Reforma das pensões militares é o avanço que não ousa dizer seu nome

No ano passado, o déficit entre o que foi arrecadado e o que foi pago aos militares na reserva e aos seus familiares cresceu 16,4%

Publicado em 20 de Março de 2019 às 21:16

Publicado em 

20 mar 2019 às 21:16
Policiais militares no Espírito Santo
Thomas Traumann*
O ministro da Economia, Paulo Guedes, terá sua maior vitória desde que assumiu o cargo. O envio do projeto de reforma das pensões militares é um avanço inegável, tanto do ponto de vista fiscal, quanto político.
No ano passado, o déficit entre o que foi arrecadado e o que foi pago aos militares na reserva e aos seus familiares cresceu 16,4%. Na previdência dos trabalhadores da iniciativa privada, a variação foi de 7%. A proposta altera essa curva, mas não faz justiça.
Os militares seguirão tendo privilégios. Seis de cada dez beneficiários do sistema militar têm menos de 50 anos e cada um deles custa 16 vezes mais que o segurado da iniciativa privada. Essa aberração vai continuar.
Dito isso, o que se sabe extraoficialmente aponta para uma redução dessa diferença. O tempo na ativa passara dos atuais 30 para 35 anos e a alíquota da contribuição dos militares subira dos atuais 7,5% para 10,5% num prazo de 3 anos.
Em 10 anos, estima-se uma economia de R$ 92,3 bilhões – o dobro do que se espera arrecadar com o criticado corte com o Benefício de Progressão Continuada, assistência para idosos miseráveis.
O sucesso de Guedes com o pacote militar, no entanto, corre um risco. É o que publicitários e marqueteiros chamam de narrativa.

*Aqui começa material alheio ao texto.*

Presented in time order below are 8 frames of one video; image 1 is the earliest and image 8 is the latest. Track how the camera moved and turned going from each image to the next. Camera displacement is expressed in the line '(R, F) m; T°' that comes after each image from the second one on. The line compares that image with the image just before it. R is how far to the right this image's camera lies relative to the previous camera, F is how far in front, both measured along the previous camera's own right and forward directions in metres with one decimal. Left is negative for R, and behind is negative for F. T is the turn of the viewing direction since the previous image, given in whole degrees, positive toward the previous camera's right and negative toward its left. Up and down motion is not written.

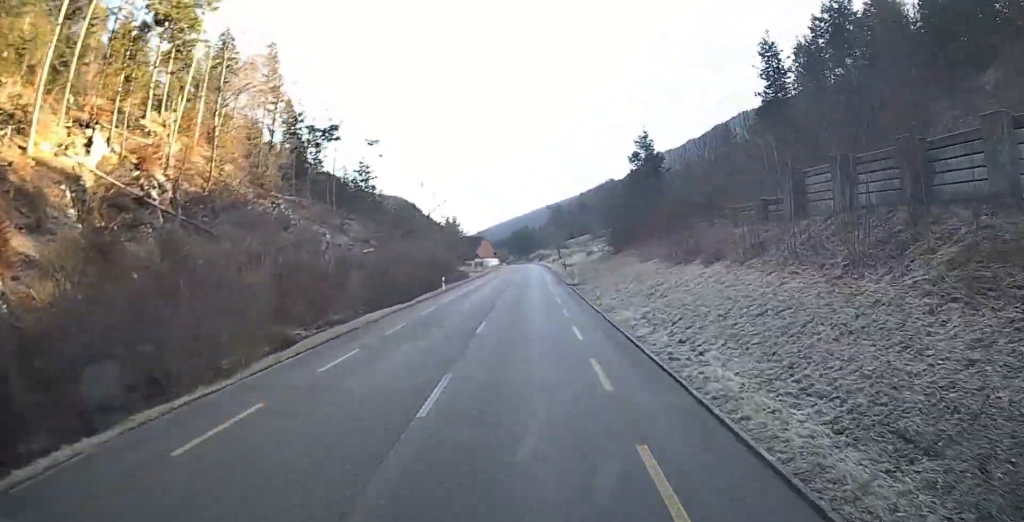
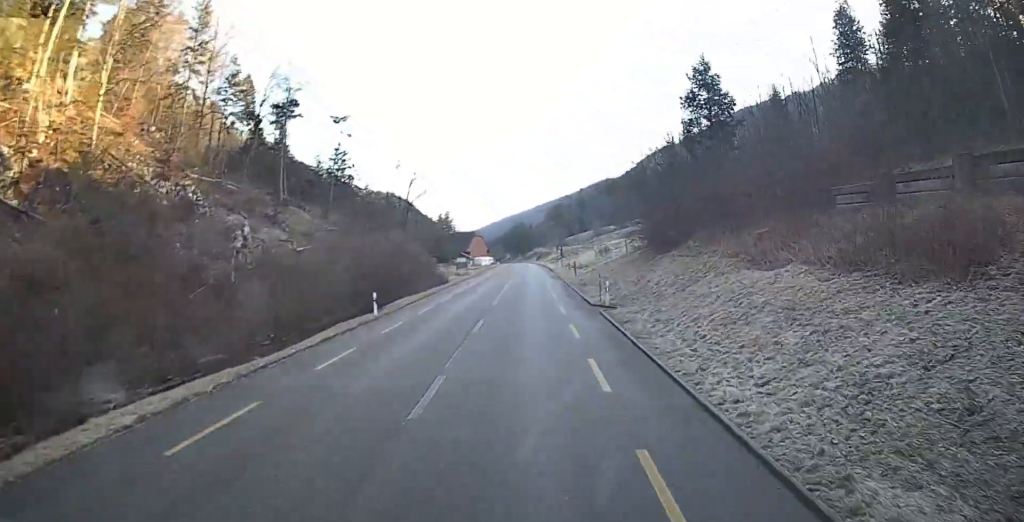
(0.0, +17.4) m; +2°
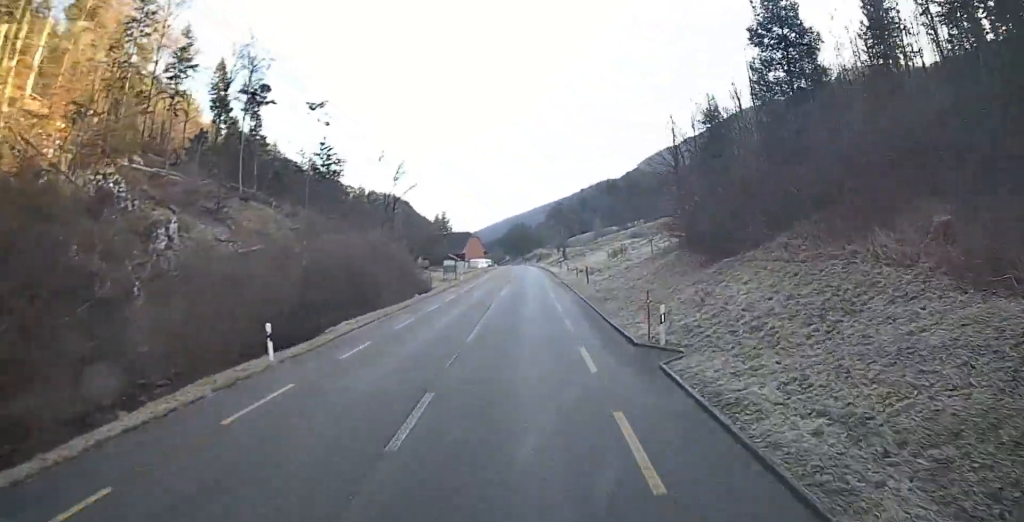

Ao tomar a cautela de não exaltar a sua vitória e ferir suscetibilidades, Guedes deu aos congressistas e à sociedade a impressão de que a reforma da Previdência militar é pró-forma.
O 1º equívoco foi demorar um mês para o envio do projeto. Em reação, os congressistas não moveram uma vírgula sobre a reforma da Previdência dos civis.
O 2º tropeço foi juntar o projeto da reforma da Previdência militar com a reorganização das carreiras, que inclui reajustes nos soldos, permitindo a conclusão de que o aperto da previdência é compensado pelo aumento nos vencimentos. Não é. O reajuste dos soldos deve custar 1/10 da economia na previdência.
Por fim, a equipe bolsonarista não explora junto ao Congresso uma vantagem tática: o pacote militar já chega com aval do generalato para ser aprovado sem grandes debates.
O risco dessa narrativa ambígua é transformar uma vitória em derrota. O Congresso pode usar a proposta dos militares como paradigma para a dos civis. Corporações da elite do serviço público vão comparar suas cotas de sacrifício com a dos militares para manter privilégios.
Como uma virose malcuidada, essas versões podem contaminar o corpo inteiro da reforma. Junto à urgente organização da bancada governista, a construção da narrativa da reforma da previdência será a diferença entre uma reforma com resultados fiscais de longa duração e um remendo.
*O autor é jornalista, autor do livro “O pior emprego do mundo – 14 ministros da Fazenda contam como tomaram as decisões que mudaram o Brasil e mexeram no seu bolso” (Editora Planeta), consultor político-econômico independente, pesquisador da Diretoria de Análise de Políticas Públicas da Fundação Getúlio Vargas (DAPP-FGV), no Rio de Janeiro, e ex-ministro de Comunicação Social (2014-2015)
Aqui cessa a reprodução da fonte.